- Sah Location in Mali
- Coordinates: 15°37′33″N 4°2′56″W﻿ / ﻿15.62583°N 4.04889°W
- Country: Mali
- Region: Mopti Region
- Cercle: Youwarou Cercle
- Commune: N'Dodjiga
- Time zone: UTC+0 (GMT)

= Sah, Mali =

Sah (or Sa) is a village and seat of the commune of N'Dodjiga in the Cercle of Youwarou in the Mopti Region of southern-central Mali. The village lies on the east (right) bank of the Bara-Issa, the smaller of the two branches of the Niger River that flow north out of Lake Débo.

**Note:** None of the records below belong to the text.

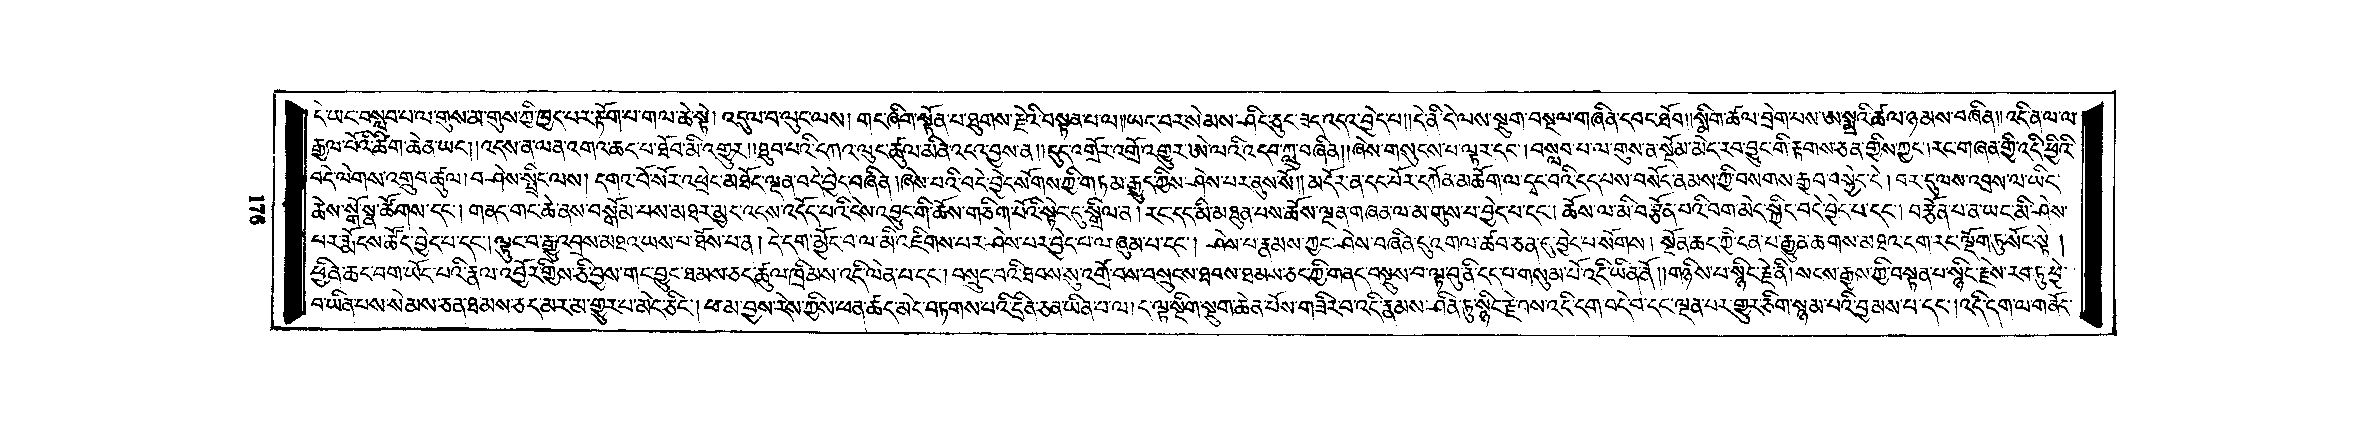དེ་ཡང་བསླབ་པ་ལ་གུས་མ་གུས་ཀྱི་ཁྱད་པར་རྟོག་པ་གལ་ཆེ་སྟེ། འདུལ་བ་ལུང་ལས། གང་ཞིག་སྟོན་པ་ཐུགས་རྗེའི་བསྟན་པ་ལ། །ཡང་བར་སེམས་ཤིང་ཅུང་ཟད་འདའ་བྱེད་པ། །དེ་ནི་དེ་ལས་སྡུག་བསྔལ་གཞིན་དབང་ཐོབ། །སྨིག་ཚལ་བྲེག་པས་ཨ་སྨྲའི་ཚལ་ཉམས་བཞིན། །འདི་ན་ལ་ལ་
རྒྱལ་པོའི་ཚིག་ཆེན་ཡང་། །འདས་ན་ལན་འགའ་ཆད་པ་ཐོབ་མི་འགྱུར། །ཐུབ་པའི་དཀའ་ལུང་ཚུལ་མིན་འདའ་བྱས་ན། །དུད་འགྲོར་འགྲོ་འགྱུར་ཨེ་ལའི་འདབ་ཀླུ་བཞིན། །ཞེས་གསུངས་པ་ལྟར་དང་། བསླབ་པ་ལ་གུས་ན་སྡོམ་མེད་རབ་བྱུང་གི་རྟགས་ཅན་གྱིས་ཀྱང་། རང་གཞན་གྱི་འདི་ཕྱིའི་
བདེ་ལེགས་འགྲུབ་ཚུལ། བཤེས་སྤྲིང་ལས། དགའ་བོ་སོར་འཕྲེང་མཐོང་ལྡན་བདེ་བྱེད་བཞིན། ཞེས་པའི་བདེ་བྱེད་སོགས་ཀྱི་གཏམ་རྒྱུད་ཀྱིས་ཤེས་པར་ནུས་སོ། །མདོར་ན་དང་པོར་དཀོན་མཆོག་ལ་དྭང་བའི་དད་པས་བསོད་ནམས་ཀྱི་བསགས་རྒྱབ་བསྐྱེད་དེ། བར་དུ་ལས་འབྲས་ལ་ཡིད་
ཆེས་སྒོ་སྣ་ཚོགས་དང་། གནད་གང་ཆེ་ནས་བསྒོམ་པས་མཐར་མྱང་འདས་འདོད་པའི་ངེས་འབྱུང་གི་ཆོས་གཅིག་པོའི་སྟེང་དུ་སྒྲིལ་ན། རང་དང་མི་མཐུན་པས་ཆོས་ལྡན་གཞན་ལ་མ་གུས་པ་བྱེད་པ་དང་། ཆོས་ལ་མི་བརྩོན་པའི་བག་མེད་སྐྱིད་བདེ་བྱེད་པ་དང་། བརྩོན་པ་ན་ཡང་མི་ཤེས་
པར་རྨོངས་ཚོད་བྱེད་པ་དང་། ལྟུང་བ་རྒྱུ་འབྲས་མཐའ་ཡས་པ་ཐོས་པ་ན། དེ་དག་མྱོང་བ་ལ་མི་འཇིགས་པར་ཤེས་པར་བྱེད་པ་ལ་ཞུམ་པ་དང་། ཤེས་པ་རྣམས་ཀྱང་ཤེས་བཞིན་དུ་འགལ་ཚབ་ཅན་དུ་བྱེད་པ་སོགས། སྔོན་ཆད་ཀྱི་ངན་པ་རྒྱུན་ཆགས་མཐའ་དག་རང་ལྡོག་ཏུ་སོང་སྟེ།
ཕྱིན་ཆད་བག་ཡོད་པའི་རྣལ་འབྱོར་གྱིས་ཅི་བྱས་གང་བྱུང་ཐམས་ཅད་ཚུལ་ཁྲིམས་འདི་ལེན་པ་དང་། བསྲུང་བའི་ཐབས་སུ་འགྲོ་བས་བསྲུངས་ཐབས་ཐམས་ཅད་ཀྱི་གནད་བསྡུས་བ་ལྟ་བུ་ནི་དད་པ་གསུམ་པོ་འདི་ཡིན་ནོ། །གཉིས་པ་སྙིང་རྗེ་ནི། སངས་རྒྱས་ཀྱི་བསྟན་པ་སྙིང་རྗེས་རབ་ཏུ་ཕྱེ་
བ་ཡིན་པས་སེམས་ཅན་ཐམས་ཅད་མར་མ་གྱུར་པ་མེད་ཅིང་། ཕ་མ་བྱས་རེས་ཀྱིས་ཕན་ཚད་མེད་བཏགས་པའི་དྲིན་ཅན་ཡིན་པ་ལ། ད་ལྟ་སྡིག་སྡུག་ཆེན་པོས་གཟིར་བ་འདི་རྣམས་ཤིན་ཏུ་སྙིང་རྗེ་བས་འདི་དག་བདེ་བ་དང་ལྡན་པར་གྱུར་ཅིག་སྙམ་པའི་བྱམས་པ་དང་། འདི་དག་ལ་གནོད་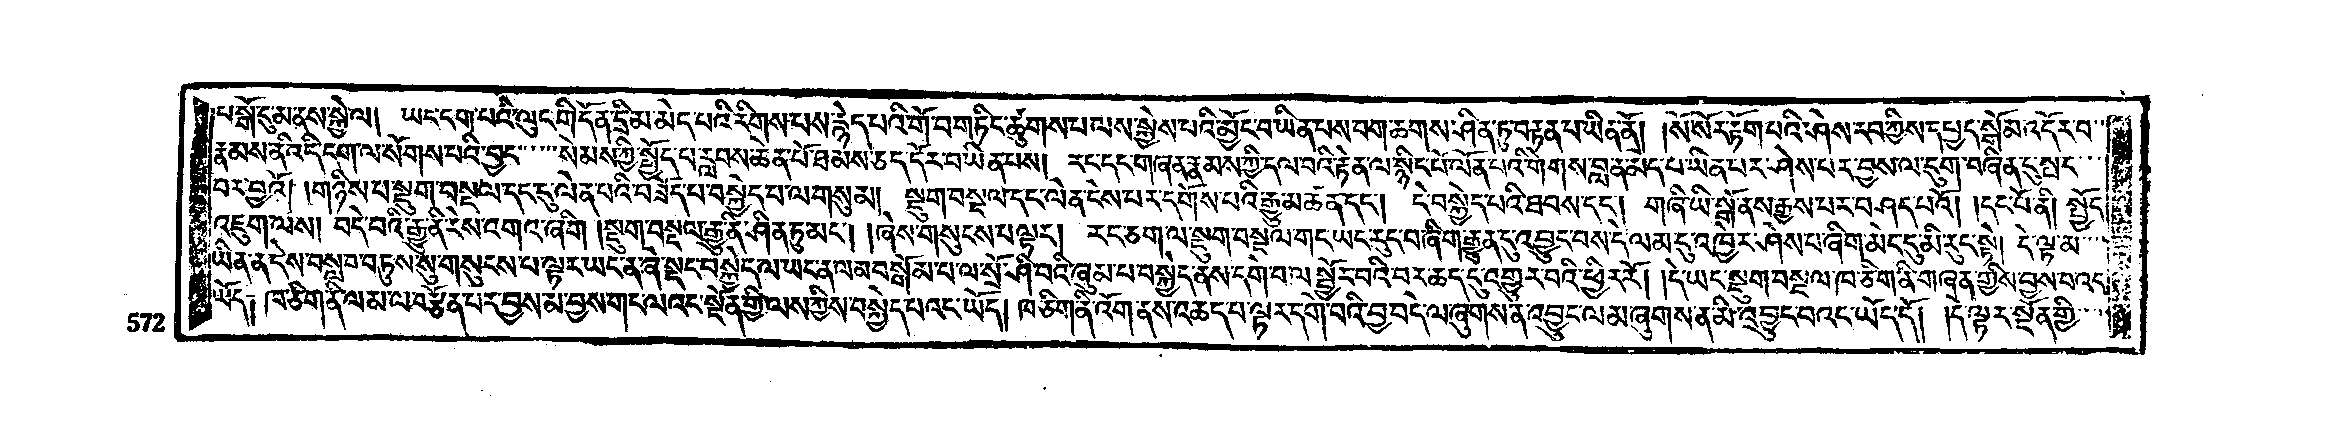པ་སྒོ་དུ་མ་ནས་སྐྱེ་ལ། ཡང་དག་པའི་ལུང་གི་དོན་དྲི་མ་མེད་པའི་རིགས་པས་རྙེད་པའི་གོ་བ་གཏིང་ཚུགས་པ་ལས་སྐྱེས་པའི་མྱོང་བ་ཡིན་པས་བག་ཆགས་ཤིན་ཏུ་བརྟན་པ་ཡིན་ནོ། །སོ་སོར་རྟོག་པའི་ཤེས་རབ་ཀྱིས་དཔྱད་སྒོམ་འདོར་བ་
རྣམས་ནི་འདི་དག་ལ་སོགས་པའི་བྱང་སེམས་ཀྱི་སྤྱོད་པ་རླབས་ཆེན་པོ་ཐམས་ཅད་དོར་བ་ཡིན་པས། རང་དང་གཞན་རྣམས་ཀྱི་དལ་བའི་རྟེན་ལ་སྙིང་པོ་ལོན་པའི་གེགས་བླ་ན་མེད་པ་ཡིན་པར་ཤེས་པར་བྱས་ལ་དུག་བཞིན་དུ་སྤང་
བར་བྱའོ། །གཉིས་པ་སྡུག་བསྔལ་དང་དུ་ལེན་པའི་བཟོད་པ་བསྐྱེད་པ་ལ་གསུམ། སྡུག་བསྔལ་དང་ལེན་ངེས་པར་དགོས་པའི་རྒྱུ་མཚན་དང་། དེ་བསྐྱེད་པའི་ཐབས་དང་། གཞི་ཡི་སྒོ་ནས་རྒྱས་པར་བཤད་པའོ། །དང་པོ་ནི། སྤྱོད་
འཇུག་ལས། བདེ་བའི་རྒྱུ་ནི་རེས་འགའ་ཞིག །སྡུག་བསྔལ་རྒྱུ་ནི་ཤིན་ཏུ་མང་། །ཞེས་གསུངས་པ་ལྟར། རང་ཅག་ལ་སྡུག་བསྔལ་གང་ཡང་རུང་བ་ཞིག་རྒྱུན་དུ་འབྱུང་བས་དེ་ལམ་དུ་འཁྱེར་ཤེས་པ་ཞིག་མེད་དུ་མི་རུང་སྟེ། དེ་ལྟ་མ་
ཡིན་ན་དེས་བསླབ་བཏུས་སུ་གསུངས་པ་ལྟར་ཡང་ན་ཞེ་སྡང་བསྐྱེད་ལ་ཡང་ན་ལམ་བསྒོམ་པ་ལ་སྲོ་ཤི་བའི་ཞུམ་པ་བསྐྱེད་ནས་དགེ་བ་ལ་སྦྱོར་བའི་བར་ཆད་དུ་འགྱུར་བའི་ཕྱིར་རོ། །དེ་ཡང་སྡུག་བསྔལ་ཁ་ཅིག་ནི་གཞན་གྱིས་བྱས་པའང་
ཡོད༑ ཁ་ཅིག་ནི་ལམ་ལ་བརྩོན་པར་བྱས་མ་བྱས་གང་ལའང་སྔོན་གྱི་ལས་ཀྱིས་བསྐྱེད་པའང་ཡོད། ཁ་ཅིག་ནི་འོག་ནས་འཆད་པ་ལྟར་དགེ་བའི་བྱ་བ་དེ་ལ་ཞུགས་ན་འབྱུང་ལམ་ཞུགས་ན་མི་འབྱུང་བའང་ཡོད་དོ། །དེ་ལྟར་སྔོན་གྱི་

The French explorer, René Caillié stopped at Sah in April 1828 on his journey by boat from Djenné to Timbuktu. He was surprised at the extent of the commercial activity at what was then an important port:
There were in the port of Sa from four to five hundred persons seamen and inhabitants who gazed at the flotilla. The port was covered with bales of merchandise, ready to be shipped on board the canoes. The commercial activity appeared astonishing. There was something in the appearance of the flotilla far more interesting than I could have expected to find in the interior of Africa. The bustle on every side almost made me fancy myself in a trading port of Europe. The largest vessels belong to Moors, who carry on the principal trade of the country: they form themselves into companies and employ their canoes in conveying merchandise to Timbuctoo, where they are paid their freight in salt or cowries.

Nowadays, boats use the larger branch of the Niger River, the Issa-Ber, and the port of Sah sees very little activity.